I finished step one, adding a dummy method to control the next song when skipping. In the code, there's not a huge distinction between when the next song is played because the user skipped or because the song finished. So when the song skips, I get the current position in the song which can be used to see if the song played to completion. I modified the music player so that if you skip a song and it's been playing for less than five seconds, the next song will be the theme song from “Bill Nye the Science Guy.” Once the machine learning stuff is in there, I just have to change the code to play whatever song the algorithm suggests.

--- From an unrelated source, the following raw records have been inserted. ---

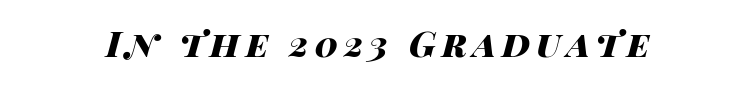
Honestly, there is no underline to notice here at all. Heavy-handed strokes throughout: this text is bold. The face used here has a pronounced slope to its letters. This sample has the flowing, uneven cadence of proportional lettering.
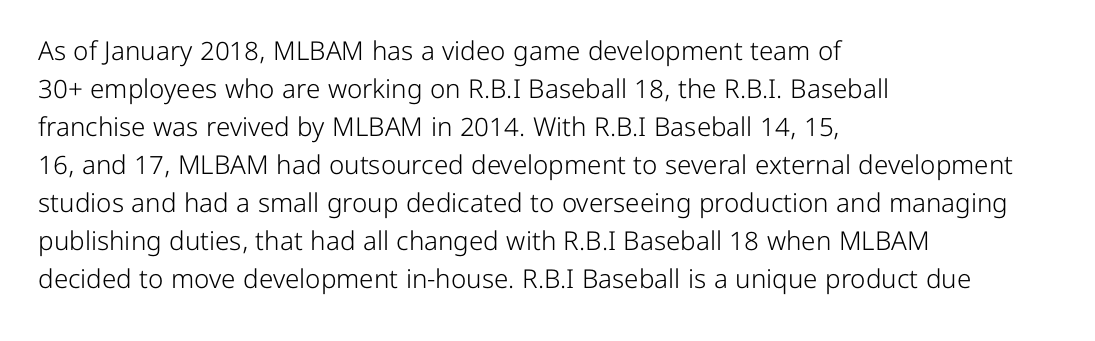
The image shows 26 px text type, upright; set left-aligned, normal line spacing (1.46x), normal letter spacing, not underlined.
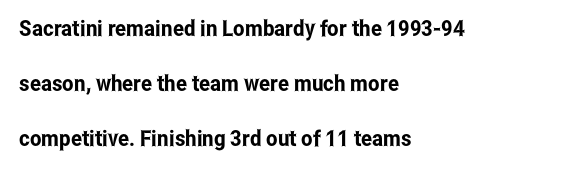
Students, observe: this is what heavily led, spacious text looks like. Spacing between characters is what you'd get straight out of the box. A roman cut, with each character standing at attention. The strip under each line holds only bare page.
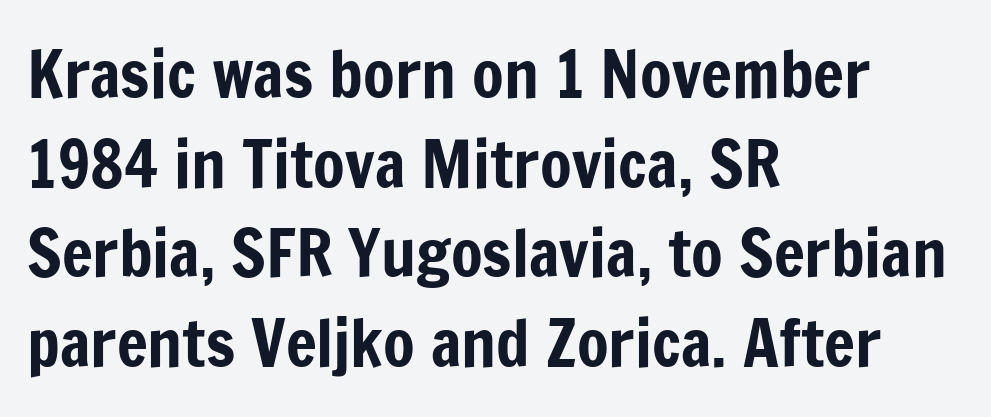
{"serif": "no", "italic": "no", "width": "condensed", "stroke_contrast": "low", "x_height": "medium", "monospaced": "no", "underline": "no", "align": "left", "line_spacing": "normal", "line_spacing_ratio": 1.38, "letter_spacing": "normal", "letter_spacing_em": 0.0, "glyph_px": 65}
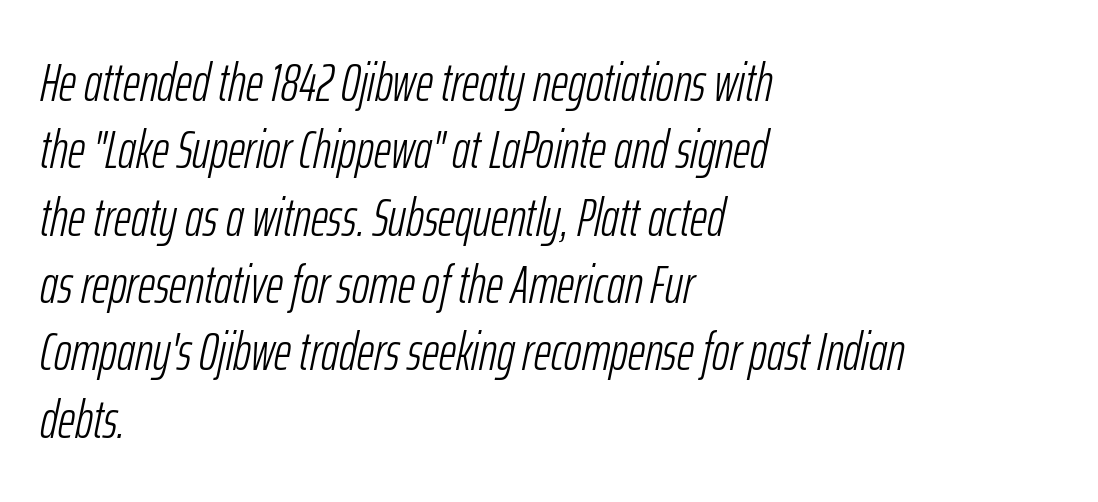
{"italic": "yes", "lean": "right", "slant_degrees": 12, "bold": "no", "weight": "light", "width": "condensed", "stroke_contrast": "low", "x_height": "medium", "monospaced": "no", "underline": "no", "align": "left", "line_spacing": "normal", "line_spacing_ratio": 1.27, "letter_spacing": "normal", "letter_spacing_em": 0.0, "glyph_px": 53}
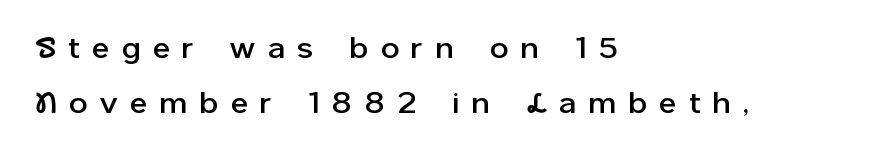
Q: Is the text italic (slanted)? A: No, it is upright.
Q: Is the typeface a serif or a sans-serif typeface? A: Sans-serif.
Q: Is the text underlined? A: No.
Q: How is the paragraph aligned? A: Left-aligned.
Q: Is the spacing between letters normal or unusually wide? A: Unusually wide.
Q: Is the spacing between lines tight, normal or loose? A: Loose.
Q: Width (condensed, normal, or wide)? A: Normal.
Q: Stroke contrast? A: Low.
Q: x-height? A: Medium.
Q: Monospaced? A: No.

Short-term plans: Finish the machine learning tutorial and start messing around with TensorFlow. Design the data model and start implementing it.

## 31 Jan 2017

Up until today, most of the work I've done has been researching and deciding on what platform/tools to use for the music player app. I looked into a few projects that allow you to write a mobile app and then compile it automatically for Android, iOS and other platforms. The two main ones I looked into were NativeScript and Kivy. With NativeScript, you write the app in HTML + CSS + JavaScript, and the project translates that somehow into actual native UI elements on the respective platforms. It looked nice, but Paul brought up the question of if machine learning libraries were available. I started looking at Kivy because it lets you write the code in Python. Kivy doesn't use native UI elements, so the app would look funny, but that doesn't really matter for our purposes. I made an Android hello world app with Kivy. It was pleasant, but after some more thought, I decided to scrap the whole cross-platform idea and just write a standard Android app in Java. I wanted to try one of the non-java solutions because

1. I've done a fair amount of normal Android development already and I don't particularly like Java.
2. It would make it easier to target iOS instead of just Android.

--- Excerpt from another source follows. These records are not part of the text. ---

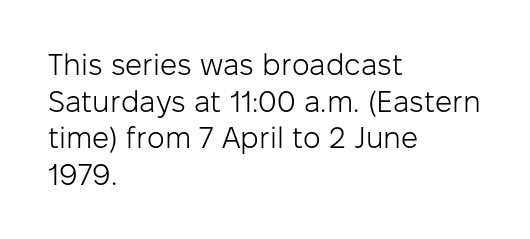
Q: Is the text bold? A: No.
Q: Is the text italic (slanted)? A: No, it is upright.
Q: Is the typeface a serif or a sans-serif typeface? A: Sans-serif.
Q: Is the text underlined? A: No.
Q: How is the paragraph aligned? A: Left-aligned.
Q: Is the spacing between letters normal or unusually wide? A: Normal.
Q: Width (condensed, normal, or wide)? A: Normal.
Q: Stroke contrast? A: Low.
Q: x-height? A: Medium.
Q: Monospaced? A: No.

I ended up sticking with just Java + Android because

1. I can use an existing open-source music player instead of writing one from scratch (specifically, Vanilla Music Player*). I don't think it would have taken too long to write a basic music player from scratch (we only need the most basic features), but the time needed would still have been nontrivial. Starting with the open-source player will let me jump into machine learning faster.
2. Targeting iOS would be nice, but I think it's more important to get a prototype working as fast as possible. Even if the project stays on just Android, that should be sufficient for the near future. I can always switch to a cross-platform solution or create a separate iOS app later if it really would add enough value.

(*Last year, as part of a different research project, I tested out a bunch of open-source music players for Android. Vanilla Music Player is (relatively) simple and I can actually clone and build the project without getting a million errors (that's a lot more than I can say for the other players. Encore Music Player in particular was a nightmare, even though the precompiled app on the Play store looks really nice).)

So I've been delving into the code for Vanilla, making minor changes to help me understand how it's working. The disadvantage of using an existing player is that it's a relatively large project and I have to get used to the code base. I've also been reading through a machine learning tutorial on the TensorFlow website.

Short-term plans: Identify where the code for shuffling songs is. Figure out how to replace it with my own song-choosing code. Finish the machine learning tutorial and start messing around with TensorFlow.